Vol.4 - The Army Under Pope
The Scribners History of the Civil War (1883)

While McClellan was evacuating the Peninsula [Vol. 3], Lee's army now turned on the Union Army of Virginia (the only Union Army named after a state instead of a river), which was all that was left protecting Washington. Lee inflicted a decisive defeat on it at 2nd Bull Run. With no other force to oppose him, Lee now moved west to cross the Potomac near Harper's Ferry and invade the North. McClellan's forces evacuating the Peninsula were hastily diverted from their Alexandria and Aqua Creek destinations to land in Washington and improvise a hasty pursuit.

* * *

This book is part of the Scribners's series of 16 volumes on the Civil War on land and at sea, published in 1882-3. It took congress twenty years to finally allocate funds to have all official documents and battlefield communications assembled and sorted through. Americans could at last have an inside look at who actually said or did what, and when.

While that massive project was still underway, Scribners persuaded highly qualified people - most of them participants -- to write the individual volumes of this history in light of the new information. There is an immediacy to these brisk and readable accounts, making them a very good starting point for someone who wishes to study the conflict. After reading these, you can pick up any modern volume on any aspect of the war with good contextual grasp of how it fits into the overall picture.

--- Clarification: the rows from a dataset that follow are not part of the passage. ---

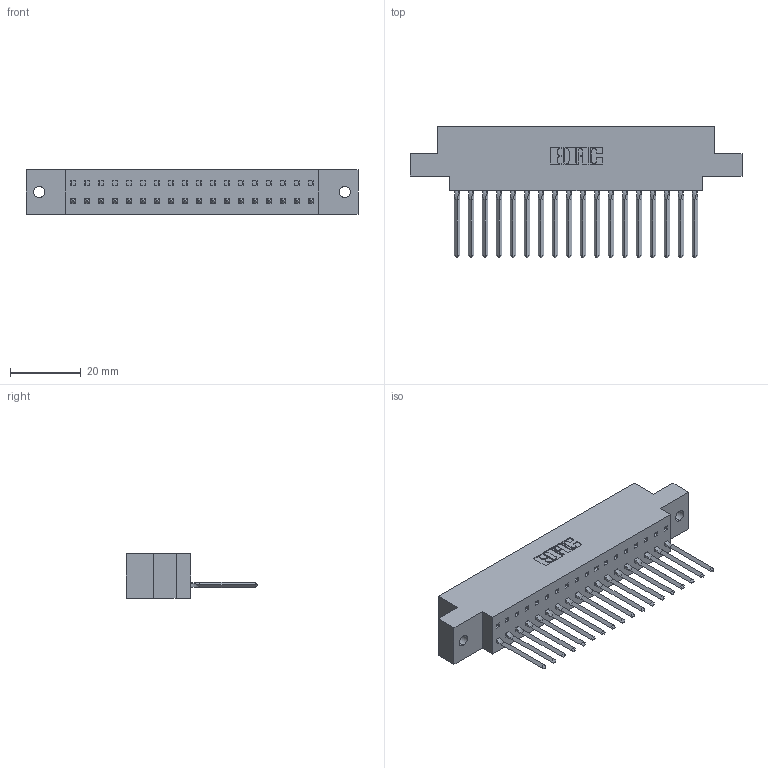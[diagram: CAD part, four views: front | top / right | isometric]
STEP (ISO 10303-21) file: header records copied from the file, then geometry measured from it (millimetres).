
FILE_DESCRIPTION (( 'STEP AP203' ), '1' );
FILE_NAME ('317-018-541-602.STEP', '2020-02-27T15:53:25', ( '' ), ( '' ), 'SwSTEP 2.0', 'SolidWorks 2016', '' );
FILE_SCHEMA (( 'CONFIG_CONTROL_DESIGN' ));
Length unit declared in the file: inch
Products named in the file (3): 317-290-002_541; 317-018-541-602; 317 Part_.144 Dia
Assembly tree (19 placements, depth 2):
  317-018-541-602
    317 Part_.144 Dia
    317-290-002_541  x18
Bounding box: 94.03 x 37.34 x 12.7 mm (x, y, z)
Volume: 14474 mm3; surface area: 19386 mm2
Topology: 19 solids, 19 shells, 2838 faces, 8087 edges, 5258 vertices
Faces by surface type: plane 2290, cylinder 476, bspline 72
Entity records: 30342 total; most frequent: CARTESIAN_POINT 6023, ORIENTED_EDGE 5294, DIRECTION 4331, EDGE_CURVE 2647, LINE 2283, VECTOR 2283, VERTEX_POINT 1756, AXIS2_PLACEMENT_3D 1024
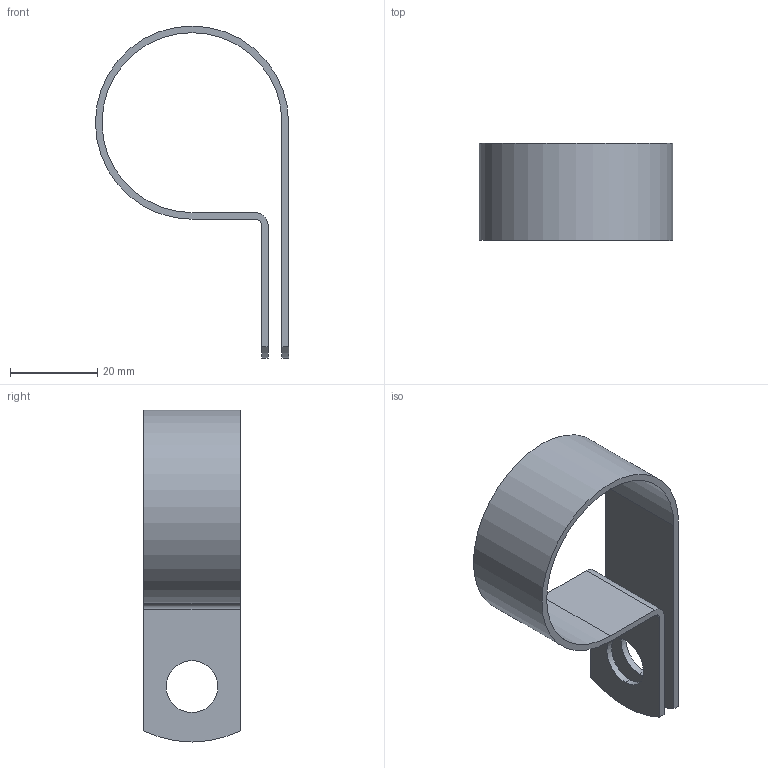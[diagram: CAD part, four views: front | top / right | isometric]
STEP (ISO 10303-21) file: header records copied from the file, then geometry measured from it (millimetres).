
FILE_DESCRIPTION (( 'STEP AP214' ), '1' );
FILE_NAME ('CC 2615Z1.step', '2018-10-31T19:59:23', ( 'User' ), ( 'Microsoft' ), 'SwSTEP 2.0', 'SolidWorks 2018', '' );
FILE_SCHEMA (( 'AUTOMOTIVE_DESIGN' ));
Length unit declared in the file: inch
Products named in the file (1): CC 2615Z1
Bounding box: 44.32 x 22.23 x 76.14 mm (x, y, z)
Volume: 6485.9 mm3; surface area: 9299.1 mm2
Topology: 1 solids, 1 shells, 18 faces, 48 edges, 32 vertices
Faces by surface type: cylinder 10, plane 8
Entity records: 620 total; most frequent: DIRECTION 106, CARTESIAN_POINT 99, ORIENTED_EDGE 96, EDGE_CURVE 48, AXIS2_PLACEMENT_3D 39, VERTEX_POINT 32, VECTOR 28, LINE 28

Where these volumes fall short is maps, which are essential but inadequate because the publisher wanted to keep the price of each volume to one dollar – within reach of the ordinary person. The publisher advised readers to keep an atlas handy. Fortunately, today you can google “images” for good maps of almost anything under discussion. For the three naval volumes, you can also google images of the specific ships, or types of ships, under discussion.